負荷のかかった上腕を伸ばし、軽く肩を回した後。俺は運搬を終えた
「せっかく路上ライブをするならフルメンバーでやりたかったな。俺が加入してから初めて人前に出て演奏するわけだし、雰囲気というか……空気感というか。そういうものを見ておきたかった」
「他の二人は予定があるみたいだし仕方ない。それに今日はあくまで次に箱でやるライブの宣伝が目的だから考えすぎなくていい。こんな風に肩の力抜いて」
「いくら何でも抜き過ぎだなそれは」
脱力しきってフラフラとよろけるリョウの襟首を掴む。酷使した腕がおよそ人間一人分の体重がかけられたことによって小刻みに震え出した。
「腕、大丈夫?」
「ご心配どうも。出来れば腕をつつくのをやめて一人で立ってくれるとありがたい」
「ん」
存外素直に直立したリョウを手離す。すると彼女は俺の腕を一瞥して言った。
「ライブまで時間あるしちょっと日陰で休んだ方がいい。私はそこのコンビニでお昼買って来るけど、カンナもおにぎりとかでいい?」
「あぁ。助かる。それで、その手は?」
「……お金ください」
「そうだと思ったよ」
財布から千円札を取り出してリョウに手渡す。
この間新しいベースを買ったとか言っていたし、大方そのせいで所持金が底をついたのだろう。
「この恩は忘れません。来月絶対に返します」
「はいはい。期待せずに待ってるよ」
そんなやりとりをして彼女の後姿を見送った後、俺は日除けの下に設置されたベンチに向かった。
「ゔぉお……生き返る……」
脱力して背もたれに身を預けると、自覚していなかった疲れがどっと押し寄せてきた。
日除けの天面から降り注ぐミストシャワーが火照った身体を冷やしていく心地よさに死にかけの化け物みたいな声が出てしまったが、許してほしい。
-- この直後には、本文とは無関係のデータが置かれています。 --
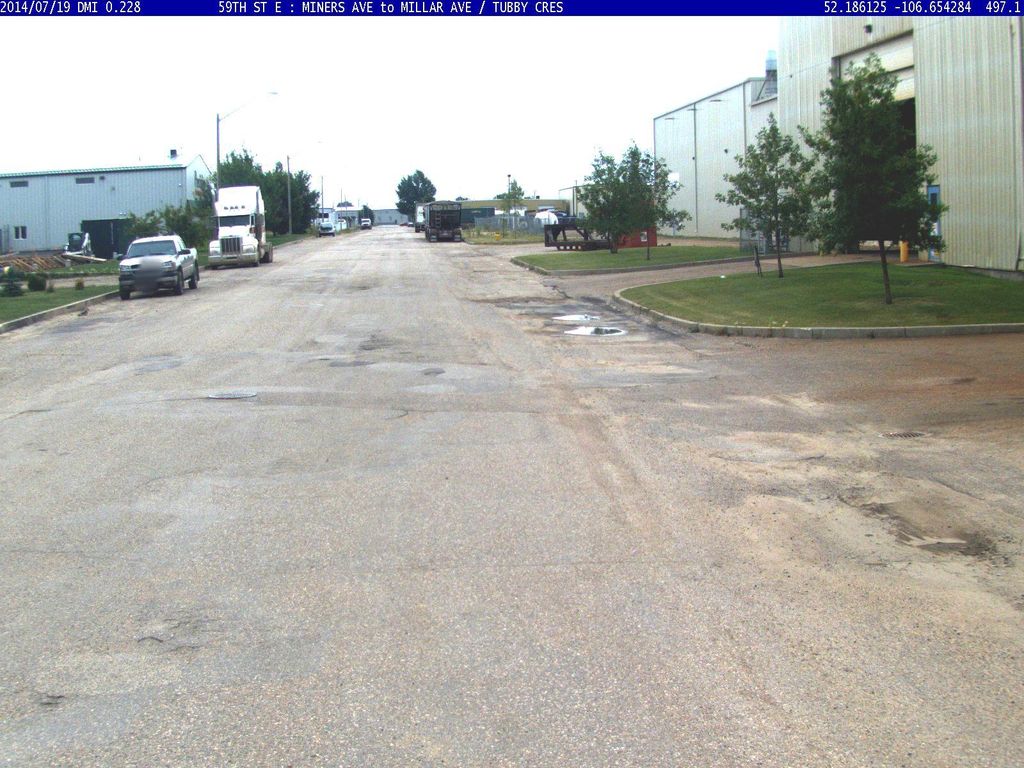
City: saskatoon
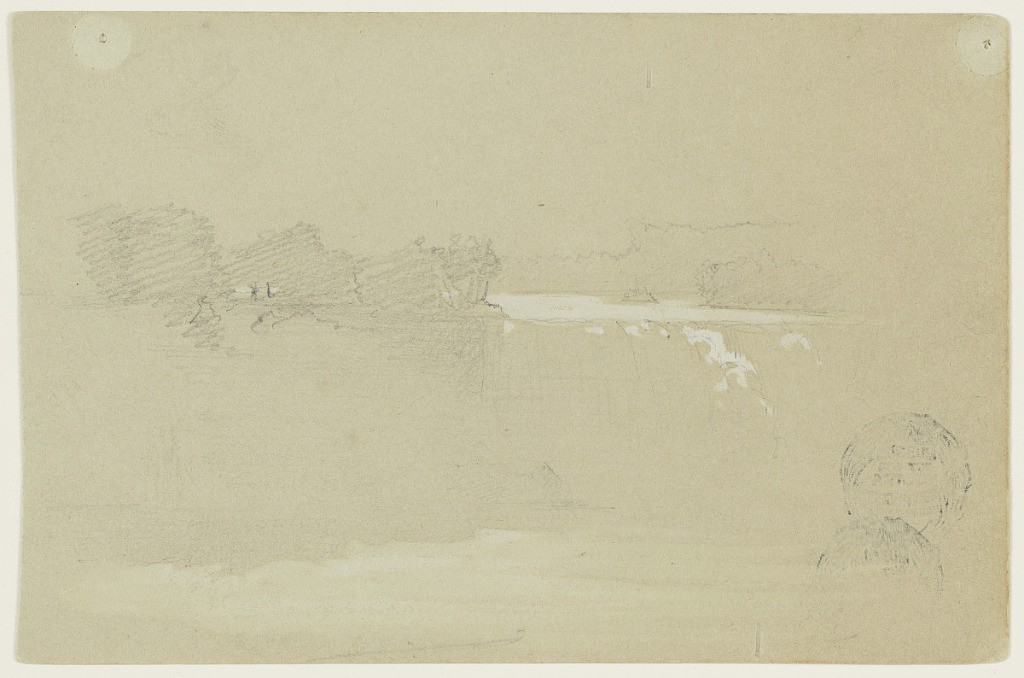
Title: Prospect Point and the American Falls, Niagara River, New York
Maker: Frederic Edwin Church, American, 1826–1900
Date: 1856 or 1858
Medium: Graphite and white gouache on gray-green wove paper; verso: graphite
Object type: Drawing
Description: Landscape sketch showing a view of Prospect Point and the American Falls from the Canadian side of the Niagara River. At left, the shadowy cliffs below the heavily wooded Prospect Point are shown, while at center and right, the white water of the Niagara River cascades over the American Falls. At right, a wooded island--likely Robinson Island--is visible. In the foreground below, the churning waters of the rivers are shown.

Verso: Landscape sketch likely showing an imagined view of a lush river valley with multiple waterfalls and a town or structure built on a plateau in the distance at center. At left and right, heavily wooded hillsides overlap one another as they slope inward. In the foreground, trees with abundant canopies are shown at left and right.

「多少運動するようになって体力が付いたとはいえ、この気温での肉体労働は流石に応えるな」
虚空に向かって呟く。それは宛先のない独り言だったはずだが、しかし背後から何者かが肯定した。
「うんうん。お疲れ様! えいっ!」
「――は? って冷たァッ!?」
同時に首元に冷たい筒状の物があてがわれる。あまりに突然のことだったから、俺は大声と共に飛び上がってしまった。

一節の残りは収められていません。